The Albert Londres Prize is the highest French journalism award, named in honor of journalist Albert Londres. Created in 1932, it was first awarded in 1933 and is considered the French equivalent of the Pulitzer Prize. Three laureates are awarded each year. The three categories are: "best reporter in the written press", "best audiovisual reporter" and "best reporting book".

==History==
On the death of Albert Londres, on 16 May 1932, his daughter, Florise Martinet-Londres, decided to create an award in his memory. From 1933, the Albert Londres prize is awarded every year on 16 May to a young journalist under the age of forty.
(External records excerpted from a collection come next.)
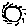
Label: sun
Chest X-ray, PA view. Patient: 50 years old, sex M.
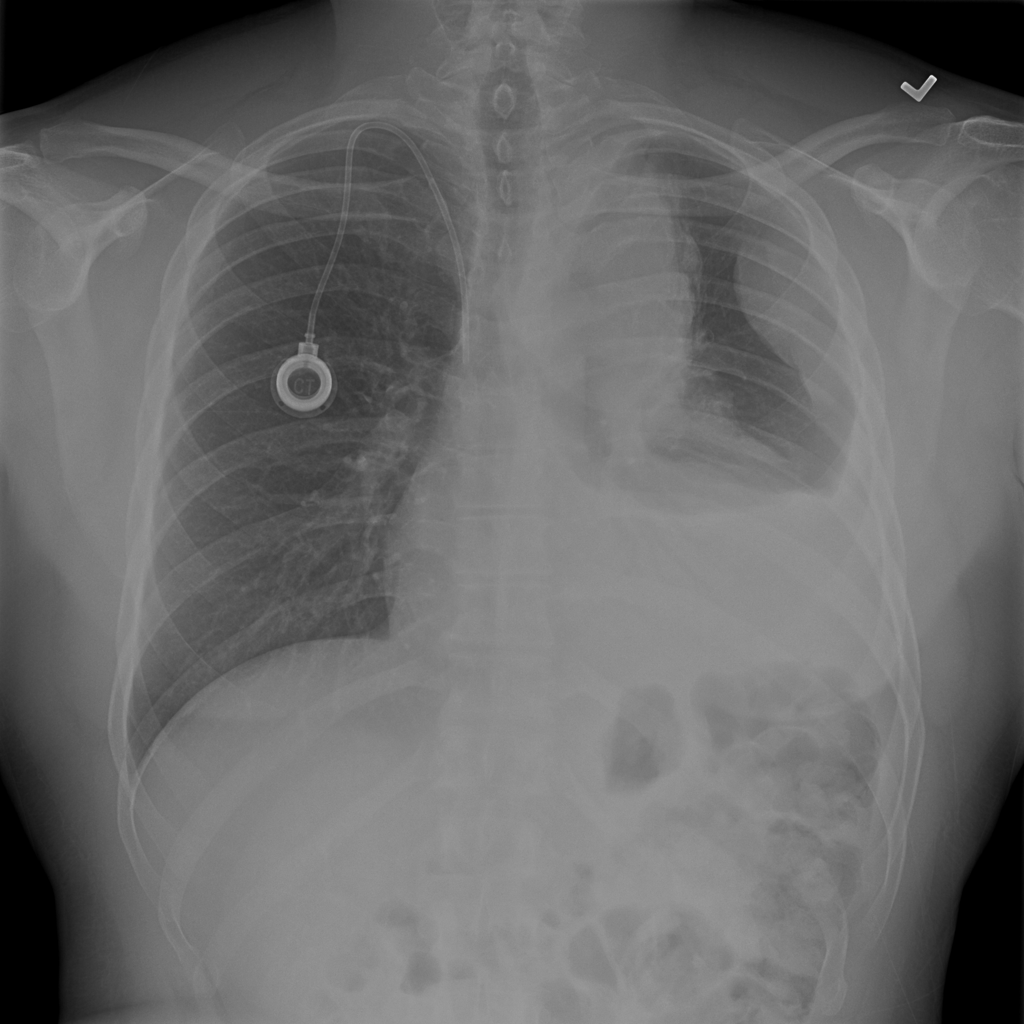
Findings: Effusion
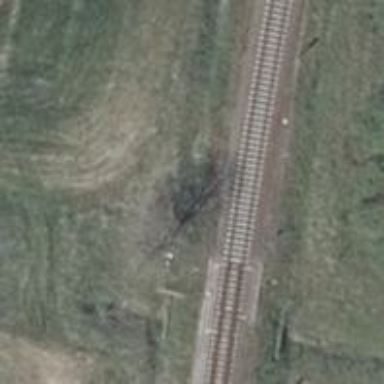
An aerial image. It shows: Railway signal.

Florise Martinet-Londres died in 1975. The Albert Londres Prize is administered by the Association of Albert Londres Prize, comprising the various winners. Chaired for 21 years by Henri Amouroux, it is chaired since May 2006 by Josette Alia. The prize is awarded by a jury of 19 journalists and winners of the previous year. In 1985, under the influence of Henri de Turenne, also a director, a prize was created for the audiovisual documentary. Since then, the association has been administered by the Civil Society of Multimedia Authors (SCAM), a grouping of authors of documentaries. In 2017, a prize was created for the "best reporting book".

==Laureates==

=== Written word ===
- 1933: Émile Condroyer
- 1934: Stéphane Faugier
- 1935: Claude Blanchard
- 1936: Jean Botrot
- 1937: Max Massot
- 1938: Jean-Gérard Fleury
- 1939: Jacques Zimmermann
- 1946: Marcel Picard for J'étais un correspondant de guerre - Ed. Janicot
- 1947: André Blanchet for Débarquement à Haïphong - Ed. Dorian and Dominique Pado for Russie de Staline - Ed. Elvézir
- 1948: Pierre Voisin, Le Figaro
- 1949: Serge Bromberger, Le Figaro
- 1950: Alix d'Unienville for En vol - Albin Michel
- 1951: Henri de Turenne for Retour de Corée - Éditions Julliard
- 1952: Georges Menant, Le Dauphiné libéré
- 1953: Maurice Chanteloup, Le Figaro
- 1954: Armand Gatti for Envoyé spécial dans la cage aux fauves - Éditions du Seuil
- 1955: Jean Lartéguy, Paris-Presse
- 1956: René Mauriès, La Dépêche du Midi
- 1957: René Puissesseau, France Soir
- 1958: Max Olivier-Lacamp, Le Figaro
- 1959: Jean-Marc Théolleyre, Le Monde
- 1960: Jacques Jacquet-Francillon, Le Figaro
- 1961: Marcel Niedergang for Tempête sur le Congo - Ed. Plon
- 1962: Max Clos, Le Figaro
- 1963: Victor Franco for Cuba, La révolution sensuelle - Éditions Grasset
- 1964: José Hanu for Quand le vent souffle en Angola - Ed. Brepols
- 1965: Michel Croce-Spinelli, Sagipress
- 1966: Yves Courrière, Nice Matin
- 1967: Jean Bertolino, La Croix
- 1968: Yves Cuau for Israël attaque - Robert Laffont
- 1969: Yves-Guy Bergès, France Soir
- 1970: Philippe Nourry, Le Figaro
- 1971: Jean-François Delassus for Le Japon : monstre ou modèle - Hachette
- 1972: Jean-Claude Guillebaud, Sud Ouest and Pierre Bois (Le Figaro)
- 1973: Jean-Claude Pomonti, Le Monde
- 1974: François Missen, Le Provençal
- 1975: Thierry Desjardins, Le Figaro
- 1976: Pierre Veilletet, Sud Ouest
- 1977: François Debré for Cambodge, la révolution de la forêt - Flammarion
- 1978: Christian Hoche, L'Express
- 1979: Hervé Chabalier, Le Matin de Paris
- 1980: Marc Kravetz, Libération
- 1981: Bernard Guetta, Le Monde
- 1982: Christine Clerc for Le Bonheur d'être français - Grasset
- 1983: Patrick Meney, AFP
- 1984: Jean-Michel Caradec'h, Paris Match
- 1985: Alain Louyot, Le Point
- 1986: François Hauter, Le Figaro
- 1987: Jean-Paul Mari, Le Nouvel Observateur
- 1988: Sorj Chalandon, Libération and Samy Ketz (AFP)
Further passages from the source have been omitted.